3. The authors should discuss a potential benefit, which is the narrow confidence interval estimate obtained from the CMAQ for distance ≤1km as shown in Table 3, suggesting a higher precision of risk estimation at 46.8%. This should also be mentioned in the abstract, in place of the statement on the negative association beyond 3km.
4. The CMAQ model tended to underestimate in the month of April and May. Would there be any reason worthy of further discussion?

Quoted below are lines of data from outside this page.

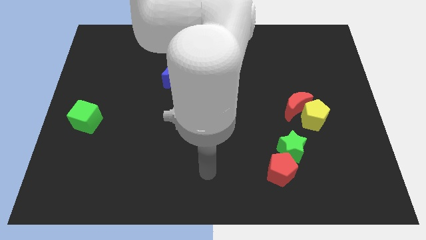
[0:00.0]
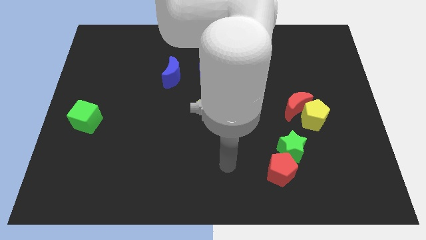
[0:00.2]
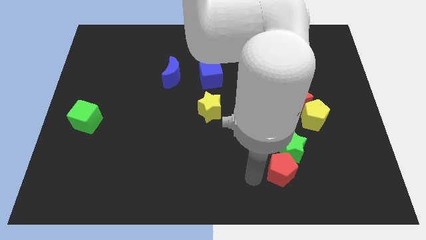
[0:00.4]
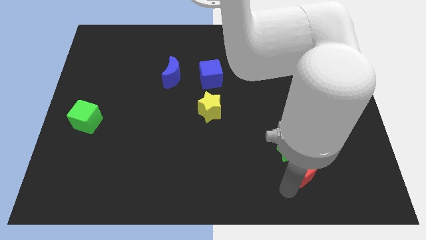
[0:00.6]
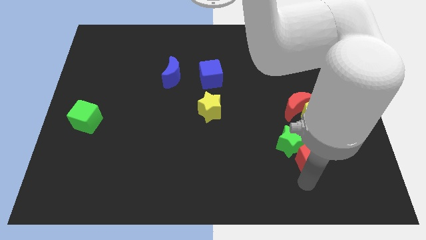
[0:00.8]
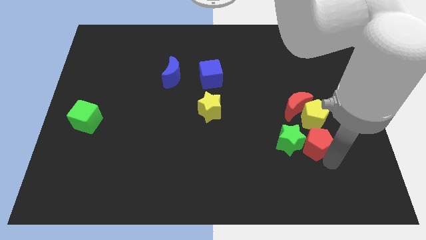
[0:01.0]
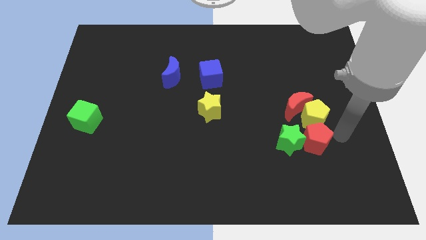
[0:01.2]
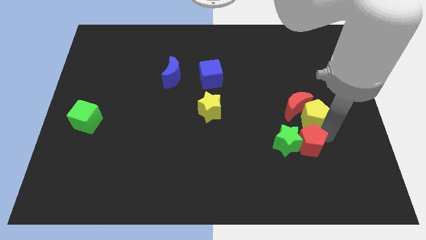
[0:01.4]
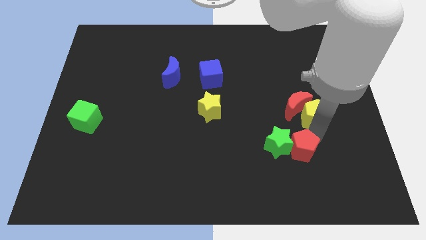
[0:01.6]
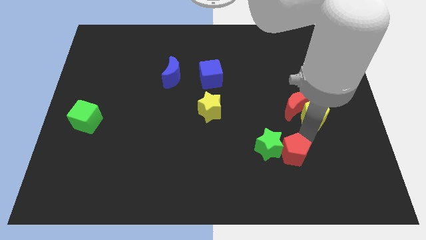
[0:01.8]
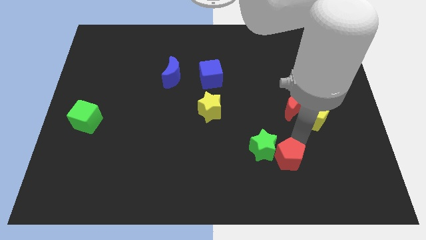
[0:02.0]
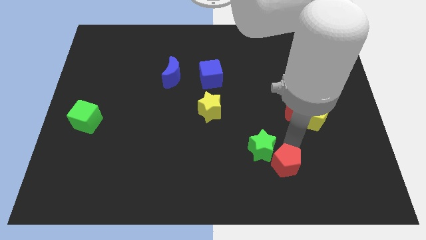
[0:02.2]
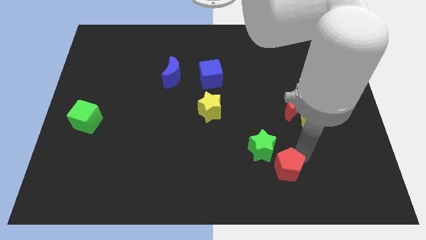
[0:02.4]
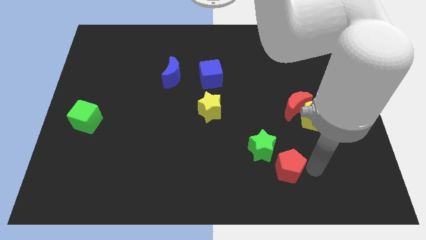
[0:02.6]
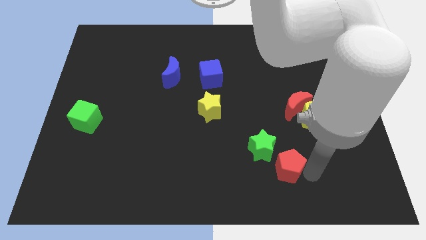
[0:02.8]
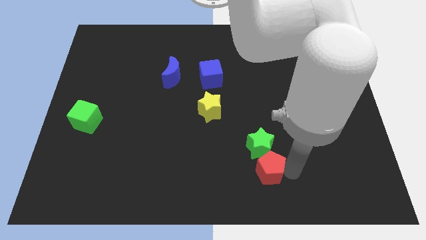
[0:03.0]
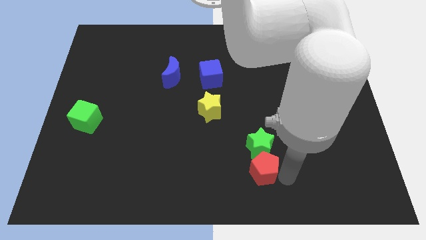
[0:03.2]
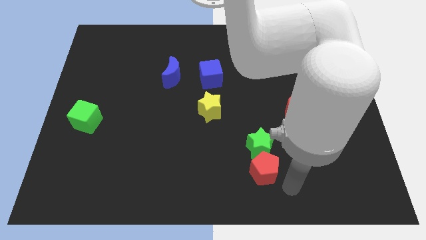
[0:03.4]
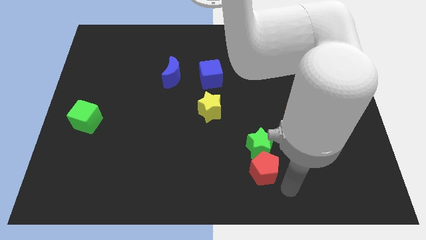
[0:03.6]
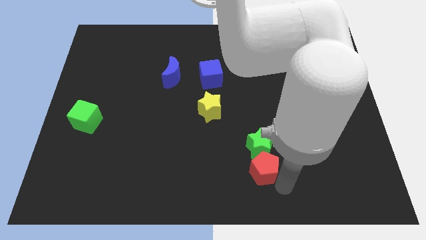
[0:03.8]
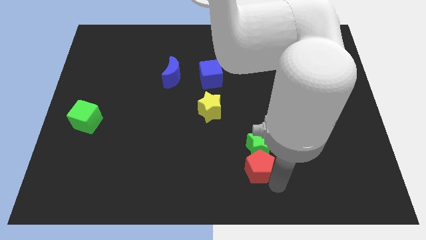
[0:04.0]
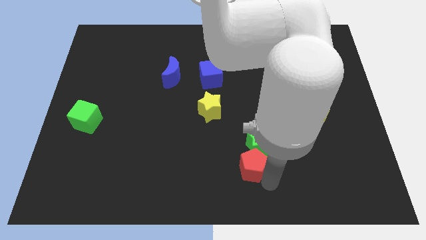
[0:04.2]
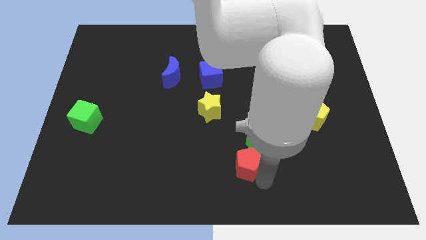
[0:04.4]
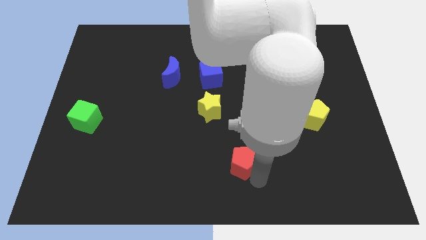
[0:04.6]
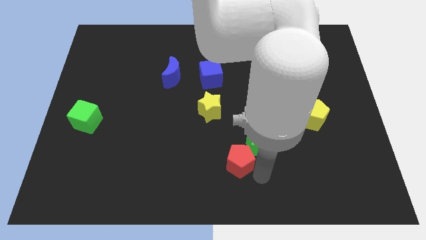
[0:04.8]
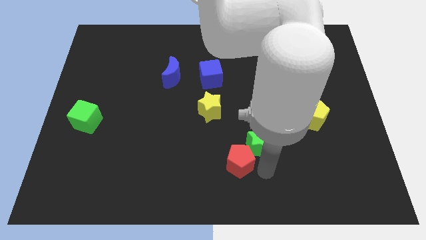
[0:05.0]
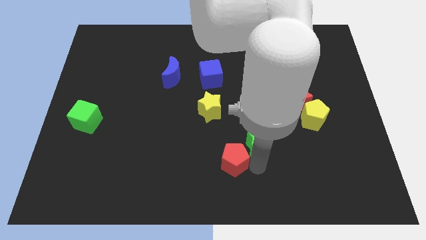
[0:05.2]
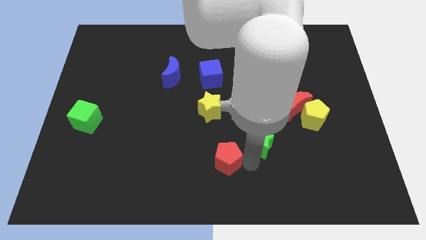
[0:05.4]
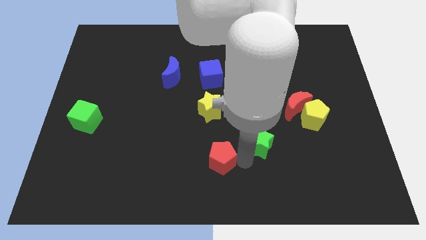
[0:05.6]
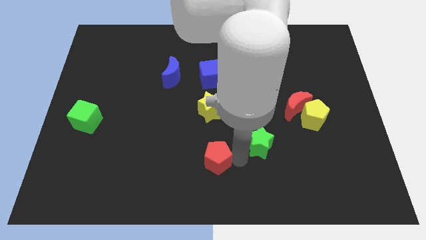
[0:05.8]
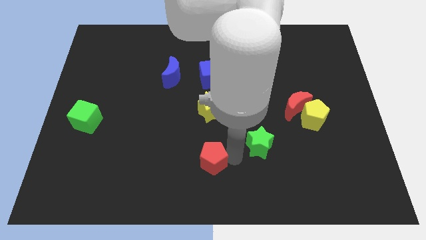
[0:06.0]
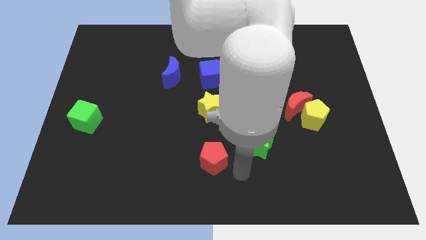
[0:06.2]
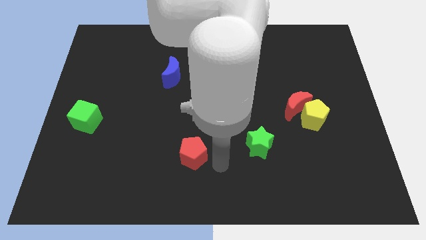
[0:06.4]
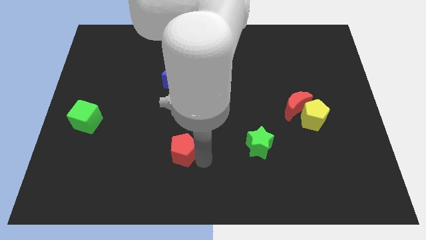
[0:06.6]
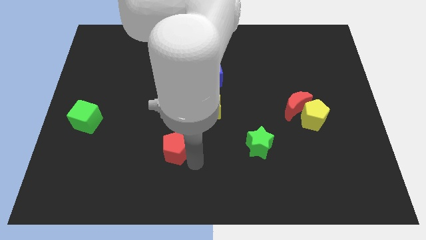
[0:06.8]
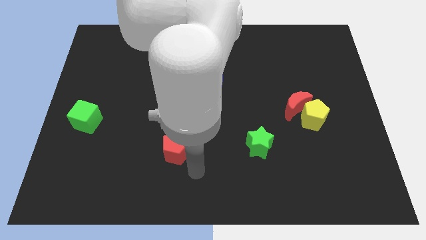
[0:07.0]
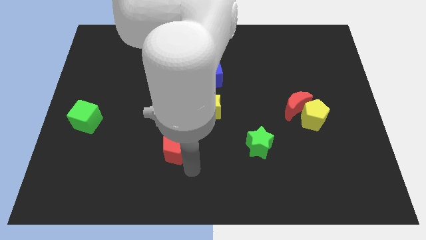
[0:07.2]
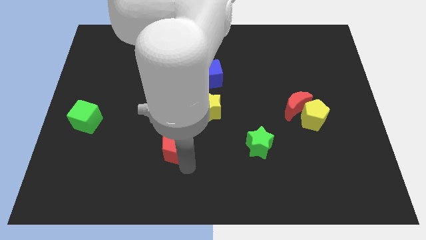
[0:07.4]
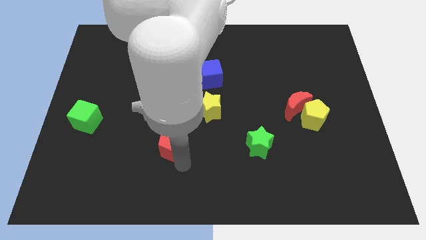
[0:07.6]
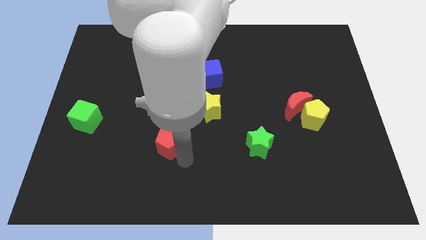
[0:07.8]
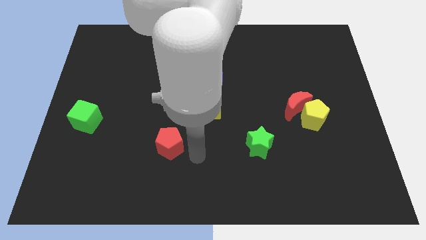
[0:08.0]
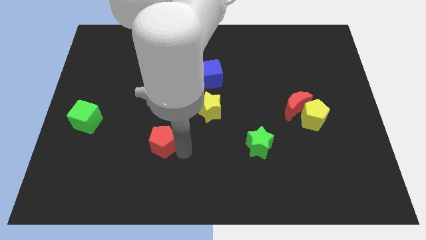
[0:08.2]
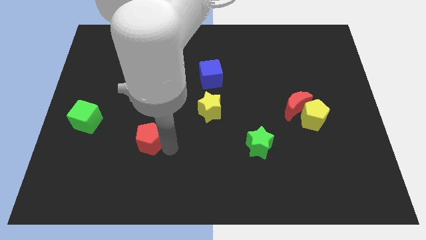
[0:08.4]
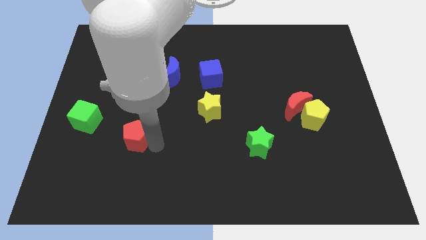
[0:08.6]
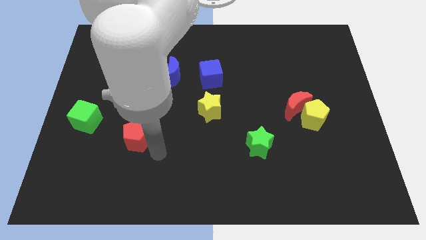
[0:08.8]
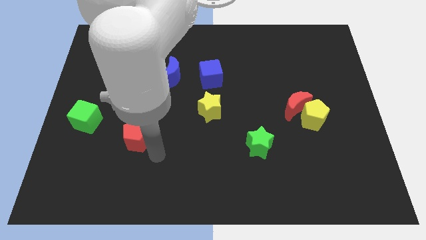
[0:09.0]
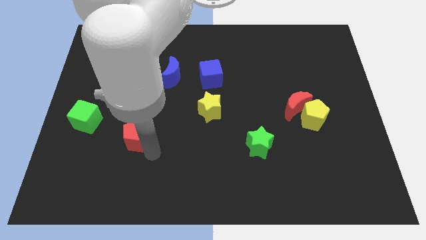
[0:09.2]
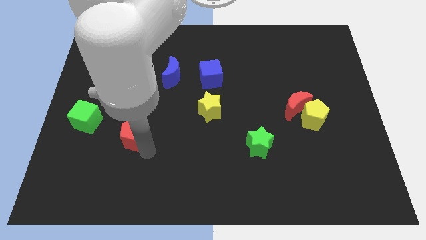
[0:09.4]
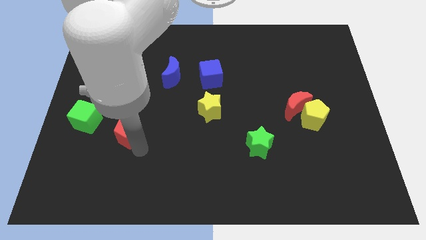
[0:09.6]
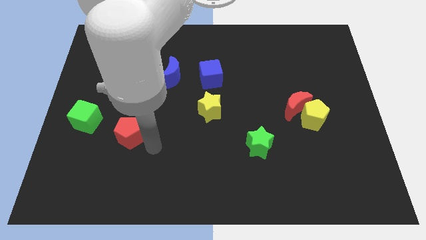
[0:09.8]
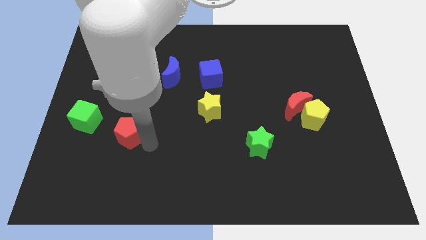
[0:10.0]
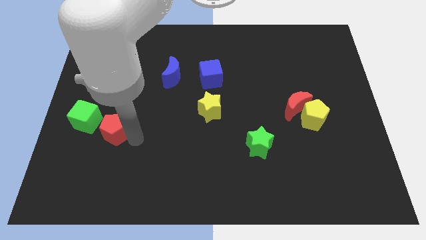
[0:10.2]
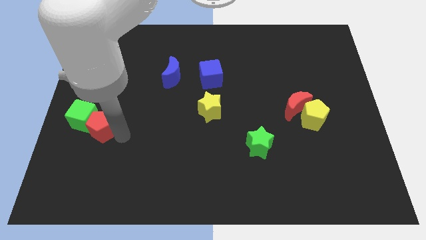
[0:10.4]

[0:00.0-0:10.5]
slide the red pentagon to the green cube

Below are some minor comments.

• In equation (1), the symbol “E” might not be necessary if you wish to retain the error term. Would it be better to write Y_ij, γ_j, and ε_ij to indicate a random intercept model for i measurements in j subject.
• Table 3, what does the asterisk represent?
• Line 249, “…negative trend for boys…” But the 95% confidence interval is very wide, so it may not necessarily be a negative trend. It merely suggests a non-linear association.

Reviewer 4 Report

So my expertise is in AD and not the atmospheric focus of the paper.  So please have the other reviewer comment on some of those specifics but my two big questions/concerns are:

1) The paper is arguing that CMAQ is superior to AQM because AQM shows a negative association at high NO2 levels while CMAQ does not.  But why are the authors certain this should be a linear relationship?  It seems within reason that specific concentrations of NO2 could be damaging, but too high, or too low concentrations could have differing effects.  Biology is filled with examples of "hormesis".  Alternatively, the very high values in AQM might indicate that some other compound is taking over impacting the disease.  For example, very high NO2 could be a marker of some other "protective" pollutant reaching levels of therapy - or very high levels could prompt the kids to go indoors and thus self-regulate their symptoms.  So please explain why CMAQ's linear relationship assures it is indeed superior.

2) Why are the two so different at all?  Figure 2 shows a pretty close overlap in the two metrics, so why do the author's think that the two metrics differ in impact on AD if they don't markedly differ in NO2 prediction levels?  If they are significantly different, please calculate and display that somehow.

3) I'm not understanding the metric of disease therapy indicated in figure 4.  The Y axis only says Log OR but what is this and what does this mean?  The paper would be MUCH stronger if the authors showed ppb versus the actual clinical metrics collected such as total SCORAD, the 0-4 metrics for each indicator (ie erythema, dryness, etc) and the separate sleep and itch complaints.  IE the authors need to make a figure for all the clinical scores versus the ppb calculations to make a comment on the association.  If you want to split into boys and girls, that makes sense, but if the conclusions are that higher ambient NO2 worsens AD symptoms than I would like to see AD symptoms contrasted against ambient NO2 for the entire study population.